Ces sculptures étranges forment « La Chrysalide des ombres ». Elles sont baptisées « Tolmen », contraction de Golem et Totem. « Le Golem protège les faibles, le Totem représente la loi, moi qui suis écorché par toute injustice… », dit Herzi.

Des formes mystérieuses, sortes de viscères géants effrayants d’où parfois semblent émerger des visages, évoquent l’ombre qui avale les vivants. Plus qu’un symbole pour l’artiste.

Après avoir travaillé dans la communication, avoir été journaliste, prof de yoga, psychanalyste, c’est à l’âge de 50 ans que Jean-Claude Bresler a commencé la sculpture. Un travail de « mémoire, de résilience et d’espérance » pour l’artiste né dans une famille juive marquée par les camps de concentration.

Profanation

Traumatisé par une histoire familiale qu’on lui a cachée pendant longtemps, Jean-Claude Bresler a cherché toute sa vie à transcender cette souffrance, cette abîme de l’humanité.

Les dégradations volontaires représentent ainsi pour lui une sorte de « profanation ». Cela ravive la plaie que la haine, peut-être, n’est jamais loin.

Il a découvert les dégâts fin décembre 2021, mais il ne sait pas exactement quand ils ont été commis. Il a porté plainte, mais n’a aucun espoir que le ou les auteurs soient retrouvés.

Un entretien difficile : comment l’assurer dans l’avenir ?

Et maintenant ? L’œuvre endommagée est irréparable. L’idée de l’artiste est de la consolider, de colmater les brèches, et de la laisser en l’état, comme un symbole. Un signe de la blessure. Une blessure qui rappelle la haine devant laquelle on ne baisse pas les bras.

Mais Jean-Claude Bresler a un plus grand espoir concernant ses œuvres : qu’elles soient reprises par d’autres. D’abord, d’un aspect pratique, leur entretien est prenant. « L’argile est une matière très fragile. J’ai 77 ans, il faut chaque printemps venir réparer les dégâts de l’hiver, monter sur une échelle… J’aimerais qu’on prenne la relève ».

Cet entretien pourrait mobiliser des jeunes, créer de l’emploi peut-être : « Pourquoi pas un chantier avec par exemple les compagnons d’Emmaüs ? »
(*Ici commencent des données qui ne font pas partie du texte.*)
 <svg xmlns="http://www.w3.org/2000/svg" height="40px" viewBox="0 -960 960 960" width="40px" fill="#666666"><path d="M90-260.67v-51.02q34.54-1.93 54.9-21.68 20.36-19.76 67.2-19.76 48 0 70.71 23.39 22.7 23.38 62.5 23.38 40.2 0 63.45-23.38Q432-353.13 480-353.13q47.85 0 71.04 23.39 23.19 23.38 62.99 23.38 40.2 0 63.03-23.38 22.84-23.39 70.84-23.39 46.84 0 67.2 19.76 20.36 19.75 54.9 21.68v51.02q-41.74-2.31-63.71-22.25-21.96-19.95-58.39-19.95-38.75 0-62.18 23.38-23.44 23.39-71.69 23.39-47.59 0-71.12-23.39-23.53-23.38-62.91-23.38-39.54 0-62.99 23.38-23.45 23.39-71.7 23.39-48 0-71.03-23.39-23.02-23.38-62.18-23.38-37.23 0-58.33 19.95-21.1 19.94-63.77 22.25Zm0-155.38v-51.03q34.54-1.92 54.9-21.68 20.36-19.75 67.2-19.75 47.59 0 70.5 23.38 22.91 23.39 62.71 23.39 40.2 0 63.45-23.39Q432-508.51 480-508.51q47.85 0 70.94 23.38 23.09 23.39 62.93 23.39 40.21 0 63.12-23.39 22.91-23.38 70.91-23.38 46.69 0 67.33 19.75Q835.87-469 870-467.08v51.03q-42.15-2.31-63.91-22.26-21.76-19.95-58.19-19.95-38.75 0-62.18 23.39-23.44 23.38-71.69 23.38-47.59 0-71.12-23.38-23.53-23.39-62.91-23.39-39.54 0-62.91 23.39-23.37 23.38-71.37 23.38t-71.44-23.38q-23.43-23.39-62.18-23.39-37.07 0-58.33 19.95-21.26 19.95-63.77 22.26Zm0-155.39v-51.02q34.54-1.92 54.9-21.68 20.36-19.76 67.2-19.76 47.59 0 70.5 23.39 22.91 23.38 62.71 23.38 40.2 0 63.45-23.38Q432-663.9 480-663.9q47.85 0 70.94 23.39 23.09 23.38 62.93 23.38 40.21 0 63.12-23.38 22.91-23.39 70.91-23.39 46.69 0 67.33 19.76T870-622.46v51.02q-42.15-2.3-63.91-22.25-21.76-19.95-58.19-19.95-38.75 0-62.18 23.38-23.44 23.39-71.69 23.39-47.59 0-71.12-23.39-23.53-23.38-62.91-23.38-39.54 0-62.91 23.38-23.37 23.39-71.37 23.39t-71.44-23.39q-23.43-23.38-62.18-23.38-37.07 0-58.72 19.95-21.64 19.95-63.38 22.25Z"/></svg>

Une fête annuelle autour de la fraternité ?

L’artiste pense aussi à une fête annuelle autour de la fraternité. « Comment donner vraiment vie à ce lieu ? Ce n’est pas un cimetière… », dit Brigitte, une des amies de l’artiste. « Je vois bien un grand rendez-vous avec des musiciens, de la convivialité, pour tous les âges… », rêve le sculpteur humaniste d’abord.

L’artiste compte distribuer des tracts dans le quartier pour mobiliser. Il confie que sans réponse, ses œuvres se dégraderont et disparaîtront.